As a 90s kid, I was the perfect demographic to get sucked into the early 2000’s Yu-Gi-Oh craze. I had a deep fascination with Pegasus*, the foppish creator of the card game, who possessed a magic eye that could trap people’s souls in trading cards.

Maximillion Pegasus | Yu-Gi-Oh! Wiki | Fandom

Since watching the anime at age seven, I’ve been fixated on the feeling of power that trapping someone’s soul in a trading card must bring. Relentlessly. Like Kaiba, I mastered cutting-edge technologies in order to achieve my objectives.

Today, client-side artificial intelligence brings me all the tools I need to make this dream a reality.

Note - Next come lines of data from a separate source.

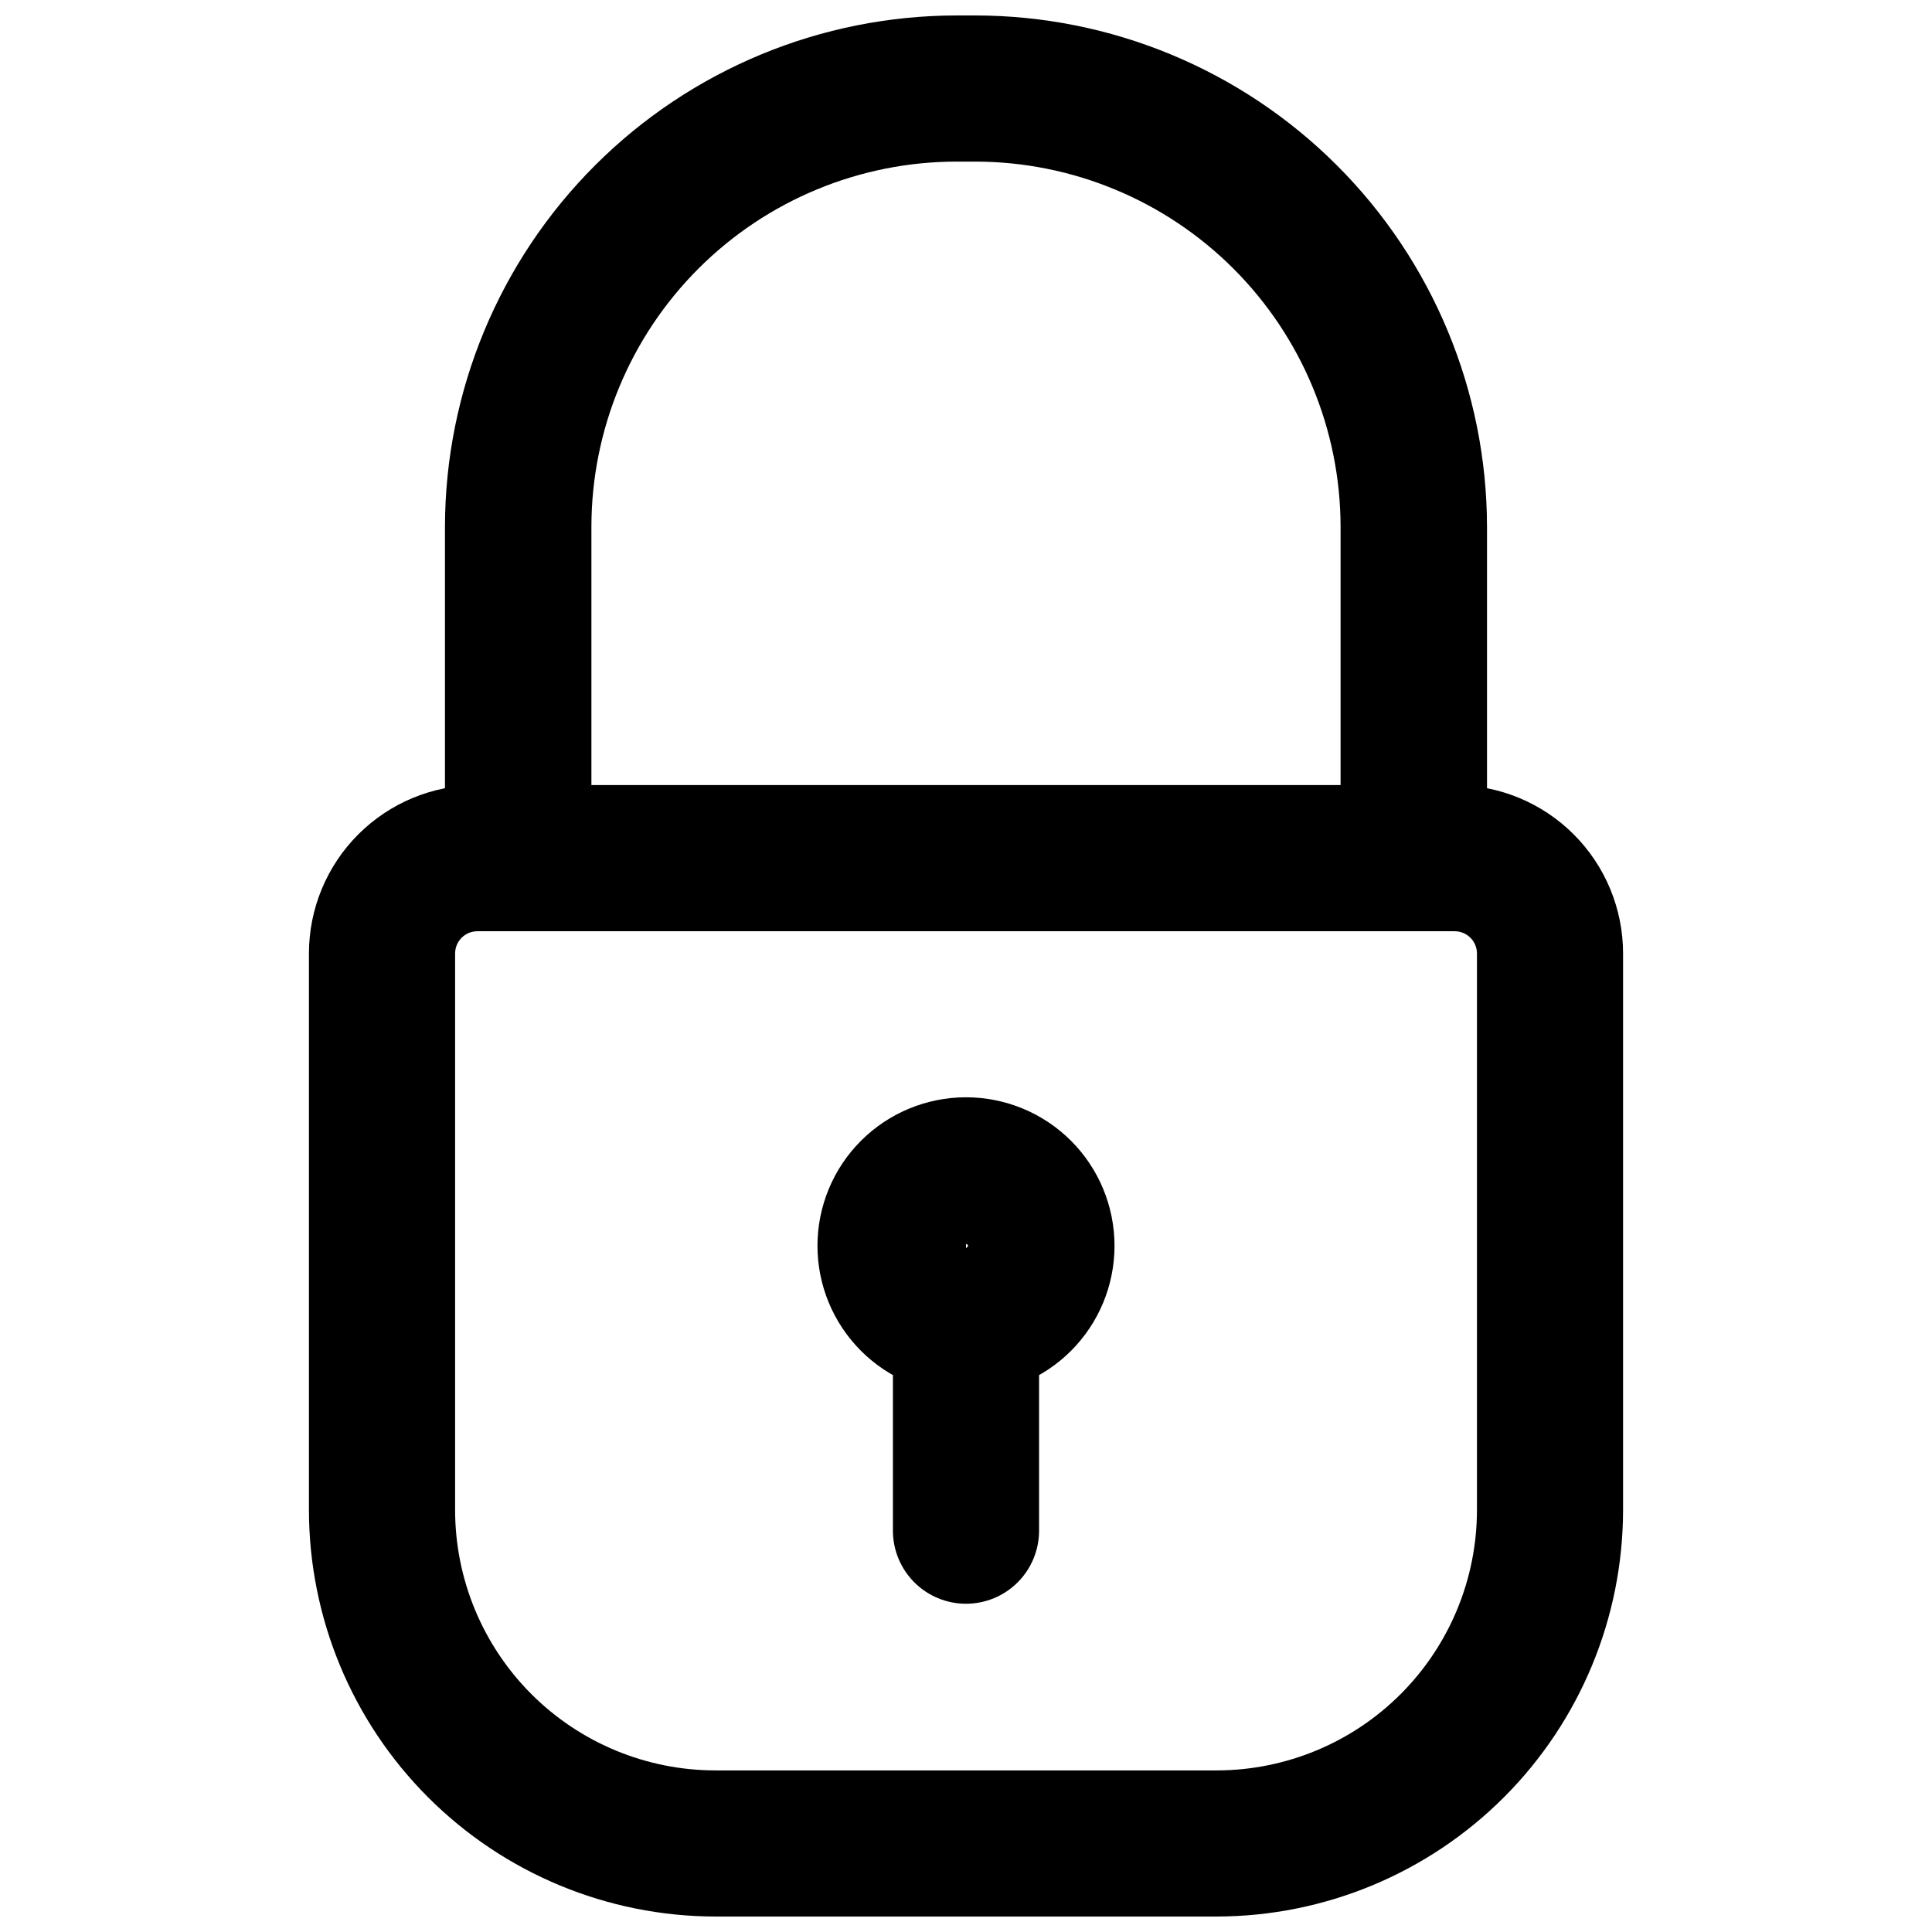 <?xml version="1.0" encoding="UTF-8"?>
<!-- Uploaded to: SVG Repo, www.svgrepo.com, Generator: SVG Repo Mixer Tools -->
<svg width="800px" height="800px" version="1.1" viewBox="144 144 512 512" xmlns="http://www.w3.org/2000/svg">
 <defs>
  <clipPath id="b">
   <path d="m261 148.09h278v242.91h-278z"/>
  </clipPath>
  <clipPath id="a">
   <path d="m225 352h350v299.9h-350z"/>
  </clipPath>
 </defs>
 <g clip-path="url(#b)">
  <path d="m518.63 390.79c-5.137 0-10.062-2.043-13.691-5.672-3.633-3.633-5.672-8.559-5.672-13.695v-87.852c-0.043-25.66-10.258-50.254-28.41-68.391-18.152-18.137-42.758-28.336-68.418-28.355h-4.879c-25.668 0-50.281 10.191-68.438 28.332s-28.367 42.75-28.391 68.414v87.852c-0.422 6.641-4.211 12.602-10.039 15.805-5.832 3.203-12.895 3.203-18.727 0-5.832-3.203-9.617-9.164-10.043-15.805v-87.852c0.062-35.938 14.379-70.383 39.805-95.781 25.43-25.398 59.895-39.676 95.832-39.695h4.879c35.941 0.02 70.402 14.297 95.832 39.695 25.426 25.398 39.742 59.844 39.805 95.781v87.852c-0.02 5.144-2.078 10.07-5.723 13.699-3.644 3.629-8.578 5.668-13.723 5.668z"/>
 </g>
 <g clip-path="url(#a)">
  <path d="m466.44 651.9h-132.88c-28.562-0.039-55.941-11.41-76.129-31.613-20.191-20.203-31.539-47.594-31.559-76.152v-147.45c0-11.836 4.699-23.191 13.07-31.559 8.371-8.371 19.723-13.074 31.562-13.074h258.99c11.84 0 23.191 4.703 31.562 13.074 8.371 8.367 13.074 19.723 13.074 31.559v147.45c-0.023 28.559-11.371 55.949-31.562 76.152-20.188 20.203-47.566 31.574-76.129 31.613zm-195.93-261.11c-3.262 0-5.902 2.641-5.902 5.902v147.45c0 18.293 7.262 35.844 20.191 48.789 12.93 12.945 30.469 20.227 48.766 20.246h132.88c18.297-0.02 35.836-7.301 48.766-20.246 12.93-12.945 20.195-30.496 20.195-48.789v-147.45c0-3.262-2.644-5.902-5.906-5.902z"/>
 </g>
 <path d="m400 513.51c-10.441 0-20.453-4.144-27.832-11.527-7.383-7.383-11.531-17.391-11.531-27.832 0-10.438 4.148-20.449 11.531-27.832 7.379-7.379 17.391-11.527 27.832-11.527 10.438 0 20.449 4.148 27.832 11.527 7.379 7.383 11.527 17.395 11.527 27.832 0 10.441-4.148 20.449-11.527 27.832-7.383 7.383-17.395 11.527-27.832 11.527zm0-39.832v1.102l0.551-0.551c0-0.145-0.059-0.285-0.164-0.387-0.102-0.105-0.242-0.164-0.387-0.164z"/>
 <path d="m400 569.01c-5.152 0-10.09-2.051-13.723-5.699-3.633-3.648-5.664-8.598-5.644-13.746v-55.105c0-6.918 3.691-13.309 9.684-16.77 5.992-3.457 13.375-3.457 19.363 0 5.992 3.461 9.684 9.852 9.684 16.77v55.105c0.02 5.148-2.008 10.098-5.644 13.746-3.633 3.648-8.57 5.699-13.719 5.699z"/>
</svg>

I have a simple, beautiful, vision:

My app turns you into a trading card, with personalised stats, graphics, typing, and rarity. You can trade these cards IRL to create a full collection of your friends: a social trading-card binder.

Today we’re going to follow my journey bringing this vision alive: from concept, to POC, to MVP, to the App Store.

*Unfortunately, with Pegasus, I backed the wrong horse entirely. My wife, also a big millennial Yu-Gi-Oh fan, actually fancied Marik.

Subscribe to Jacob’s Tech Tavern for free to get ludicrously in-depth articles on iOS, Swift, tech, & indie projects in your inbox every week.
Full subscribers unlock Elite Hacks, my advanced tips series, and enjoy my long-form articles 3 weeks before anyone else.

The Concept

I keep my indie projects simple.

Three core features.

First, we take a photo of you to convert into a trading card stored on-device. The card has a personalised title and stat ratings based on your own attributes, detected on the image.

Second, we need some neat graphics so we can create a precious-looking rare trading card out of your photo and stats.

Finally, this card should be tradable with friends. This has to happen in person—you boof your iPhones together and get each other’s ~~souls~~ cards.

The build itself should be pretty straightforward: I’m putting together several moving parts that I’m already familiar with. The innovation is in the novel combination.

The important, boring, basics

Photos, persistence, and presentation are all bread-and-butter SwiftUI and SwiftData. Nothing special here, since I don’t plan to need more than 2 or 3 screens.

Stats

I want to upload the photo of my above Pegasus cosplay and be given a fitting title, such as Jacob the Creator, or Jacob the Illusionist.

Perhaps the stat-line will read:

Whimsy: 3000
Dapperness: 4600
Magic: 2100
Charisma: 4000

There is a way to deterministically generate stats like these and titles based on photos—this is a category of machine learning known as zero-shot image categorisation. Apple has created client-hosted AI models which we can customise with our own text categories, allowing us to scientifically create accurate stats:

Because it’s an ML model giving the stats, they must be true.

Looksmaxxing

I have a long-dormant idea in my head to make the cards look fantastic, rare, and shareable. I want to adopt the graphics tools used in this Pokémon CSS demo website and bring it into an app. I might host some custom CSS in an embedded browser, or perhaps I’ll roll my own SwiftUI Metal shaders.

There’s also something I plan with the iOS Vision framework. This is the second piece of client-side AI tech that will make these cards shine.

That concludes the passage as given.